痛的不是他误会了自己,而是痛在,少年明明误以为自己是“替身”,却还是那样坦诚、那样全心全意地将自己交给了他。

情况比他想象的更糟。

被安家磋磨的这些日子,让他的阿屿变得这么卑微、这么敏感。

关于二人从前的过往,带安屿回来时不提,是权衡利弊后,他认为还是不说为好。

一是因为辜负了他对自己的期许,终究还是卷入了名利场中,双手早已沾满鲜血,无颜再面对这个依旧干净的少年。

二则是因为,重生这样的事情实在过于离奇,他怕说出来后,安屿会因为前世安家的种种卑劣行径痛苦。

但现在,既然这件事让安屿这么这么难过,那当然要将所有真相都告诉他。

“傻阿屿……”盛沉渊心疼得无以复加,搂住他的腰,轻轻将他转过来,让他面对面坐在自己腿上,长叹道,“那个人的确对我很重要,可那不是别人,就是你。”

安屿瞪大了眼睛,茫然又惊疑,“我?”

眼睛红红,鼻尖微动,简直像只吃惊的兔子。

盛沉渊低头,轻吻他委屈未散的眼睛,轻声道:“你七岁那年的生日,我们见过的。”

“七岁?”安屿认真思考,“我怎么没有一点印象了?”

“因为那时候,我还不叫盛沉渊。”男人笑道,“那时候,我跟妈妈姓,叫褚渊,你因为不认识褚字,所以叫我渊哥哥。”

七岁生日,渊哥哥?

安屿在模糊的记忆中搜索。

“我不是宾客。”盛沉渊淡淡地笑,“我是服务生,而且,是被大堂经理扇了一巴掌的服务生。”

……

!!!

模糊的记忆终于闪出一两个画面!

十六七岁的青年,因为忙碌无意打碎了一个酒杯,却被大堂经理索要八百元的天价赔偿。

“要么从你工资里扣,要么你给我跪下认错。”即使时隔多年,大堂经理小人得志的模样,安屿依旧还有印象。

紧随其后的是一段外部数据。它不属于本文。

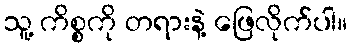
သူ့ ကိစ္စကို တရားနဲ့ ဖြေလိုက်ပါ။
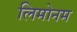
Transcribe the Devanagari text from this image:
लिमोनम
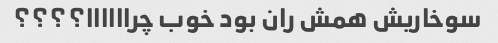
سوخاریش همش ران بود خوب چراااااا؟؟؟؟
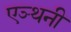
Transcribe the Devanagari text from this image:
एञ्थनी
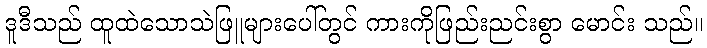
ဒူဒီသည် ထူထဲသောသဲဖြူများပေါ်တွင် ကားကိုဖြည်းညင်းစွာ မောင်း သည်။
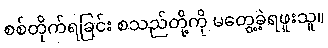
စစ်တိုက်ရခြင်း စသည်တို့ကို မတွေ့ခဲ့ရဖူးသူ။
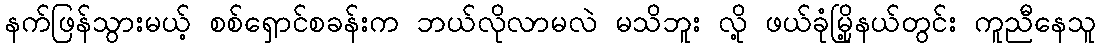
နက်ဖြန်သွားမယ့် စစ်ရှောင်စခန်းက ဘယ်လိုလာမလဲ မသိဘူး လို့ ဖယ်ခုံမြို့နယ်တွင်း ကူညီနေသူ
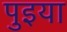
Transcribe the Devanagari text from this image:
पुइया
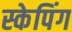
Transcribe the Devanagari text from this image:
स्केपिंग
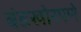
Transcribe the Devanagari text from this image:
बंडखोरपणे
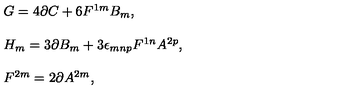
\begin{array} { r c l } { } & { } & { G = 4 \partial C + 6 F ^ { 1 m } B _ { m } , } \\ { } & { } & { } \\ { } & { } & { H _ { m } = 3 \partial B _ { m } + 3 \epsilon _ { m n p } F ^ { 1 n } A ^ { 2 p } , } \\ { } & { } & { } \\ { } & { } & { F ^ { 2 m } = 2 \partial A ^ { 2 m } , } \\ \end{array}
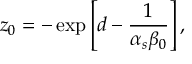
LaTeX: z _ { 0 } = - \exp \left[ d - { \frac { 1 } { \alpha _ { s } \beta _ { 0 } } } \right] ,
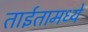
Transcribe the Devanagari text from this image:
ताईतामध्ये

那个青年当然不肯跪,却也不能接受八百元的损失,眉间有驱不散的阴郁,一遍又一遍重复,“经理,这个杯子采购价只有两百,你不能扣我八百。”

恼羞成怒之下,经理一耳光扇在他脸上,阴鸷笑道:“毛都没长齐的小子,也敢跟我提不能?你听好了,老子是这的大堂经理,老子说的话就是规矩,老子说它值多钱,它就值多钱!今天要么你乖乖这个月工资一分不要,要么跪下道歉,不然就给老子麻溜滚蛋!”

“那时候阿屿还很小。”盛沉渊深情地望着他,“才差不多到我膝盖,却很勇敢地出手保护我。”

安屿忍不住笑。

什么保护。

只是因为,那个青年一直在重复,那是他开学要交的学费,他打了一暑假工,一天都没有休息才勉强攒够,母亲还在家里生着重病,实在不能没有这笔工资,他听得越来越难过,忍不住放声大哭,抽抽噎噎指着那个大堂经理一遍遍道,“坏蛋,你这个大坏蛋。”

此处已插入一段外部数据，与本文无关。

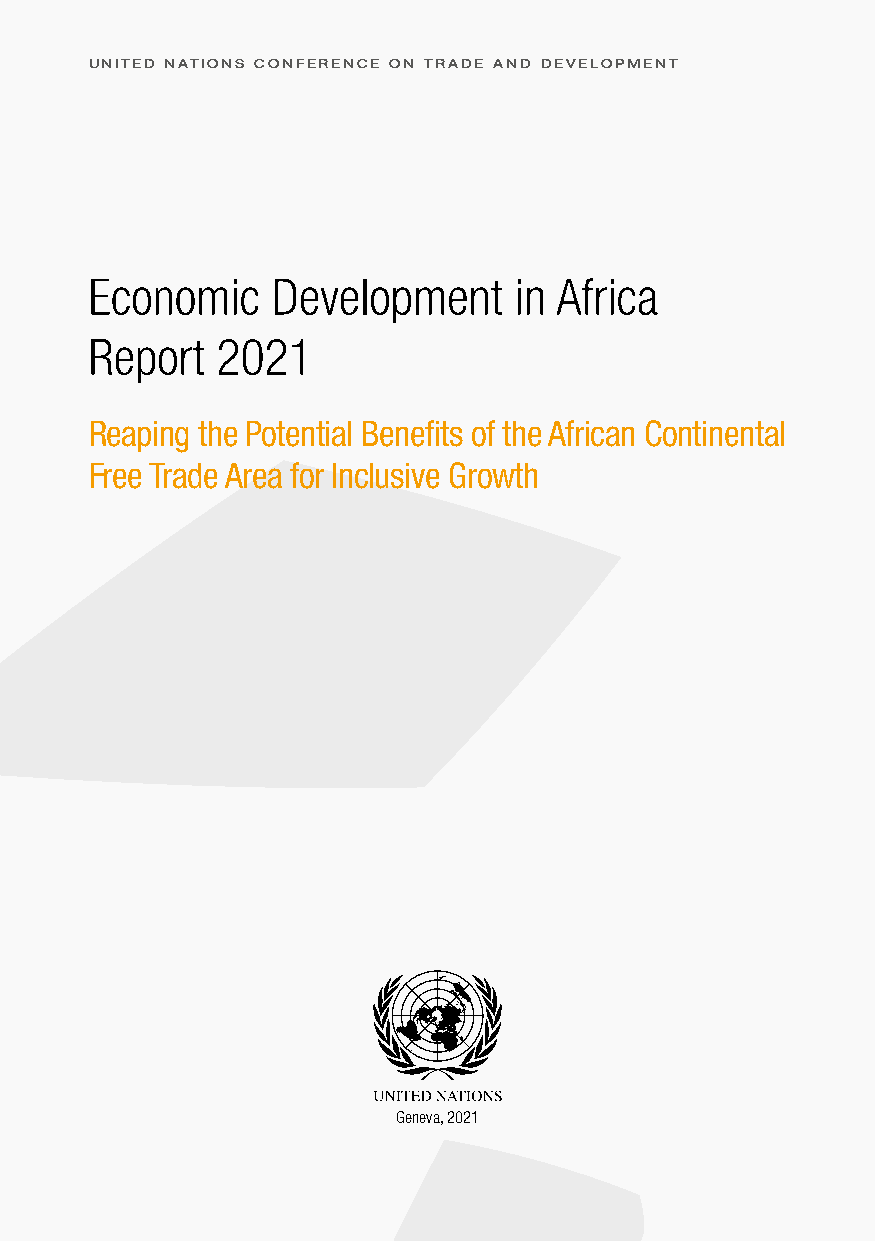
UNITED NATIONS CONFERENCE ON TRADE AND DEVELOPMENT
 Economic    Development     in Africa
 Report  2021
 Reaping the Potential Benefits of the African Continental
 Free Trade Area for Inclusive Growth
 Geneva, 2021
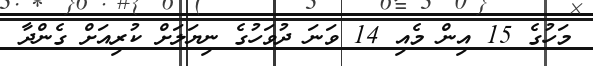
މަހުގެ 15 އިން މެއި 14 ވަނަ ދުވަހުގެ ނިޔަލަށް ކުރިއަށް ގެންދާ
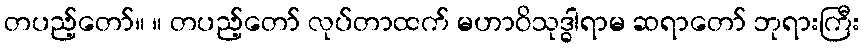
တပည့်တော်။ ။ တပည့်တော် လုပ်တာထက် မဟာဝိသုဒ္ဓါရာမ ဆရာတော် ဘုရားကြီး

哭声引来了易婉丽,着急地问他发生了什么,也不知那时那时哪里来的机智,竟然空口白牙道:“这个坏人,他欺负我,妈妈,他骂我。”

安家少爷的生日,竟被大堂经理指着鼻子骂,易婉丽怎可能忍得了这口气?立刻就怒气冲冲去找老板反应。

那经理也实在自作自受,为了逼迫青年跪下,特意选了没有监控的角落,因为,即使被安屿嫁祸也百口莫辩。

仅半小时,那人便被火速开除。

安屿心里放不下可怜的哥哥,于是偷偷让下人买了冰袋和药,借口自己吃撑了偷溜下楼,找到了他。

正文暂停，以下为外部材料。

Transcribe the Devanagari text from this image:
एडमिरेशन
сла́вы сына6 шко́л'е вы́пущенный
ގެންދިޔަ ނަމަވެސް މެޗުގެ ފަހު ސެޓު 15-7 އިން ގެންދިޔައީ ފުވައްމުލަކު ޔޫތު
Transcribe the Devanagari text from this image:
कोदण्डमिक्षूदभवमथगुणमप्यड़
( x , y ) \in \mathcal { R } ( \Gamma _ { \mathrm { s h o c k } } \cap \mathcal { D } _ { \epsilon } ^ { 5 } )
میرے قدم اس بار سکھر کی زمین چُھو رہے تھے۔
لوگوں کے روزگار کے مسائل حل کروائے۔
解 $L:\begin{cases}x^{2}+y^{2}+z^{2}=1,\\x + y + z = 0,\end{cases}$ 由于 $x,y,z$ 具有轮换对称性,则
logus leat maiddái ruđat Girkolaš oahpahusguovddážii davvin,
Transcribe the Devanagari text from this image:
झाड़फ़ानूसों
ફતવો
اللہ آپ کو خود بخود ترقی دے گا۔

盛沉渊还在继续回忆,眼中的爱意愈发浓烈,“阿屿想给我的脸冰敷,可是我太高了,只有蹲下来,阿屿才够得到我。至于涂药……”

男人无奈地笑,“那么瘦那么小的孩子,力气却不小。”

安屿赧然。

他记起来了。

下楼后,他找到了那个大哥哥,拿出冰袋和药,吃力地踮脚,“哥哥,我给你冰敷然后上药吧,不然会疼。”

只是,那时候他哪里懂得涂药要用什么力度?生怕药膏沾不在脸上,简直用了吃奶的力气去涂。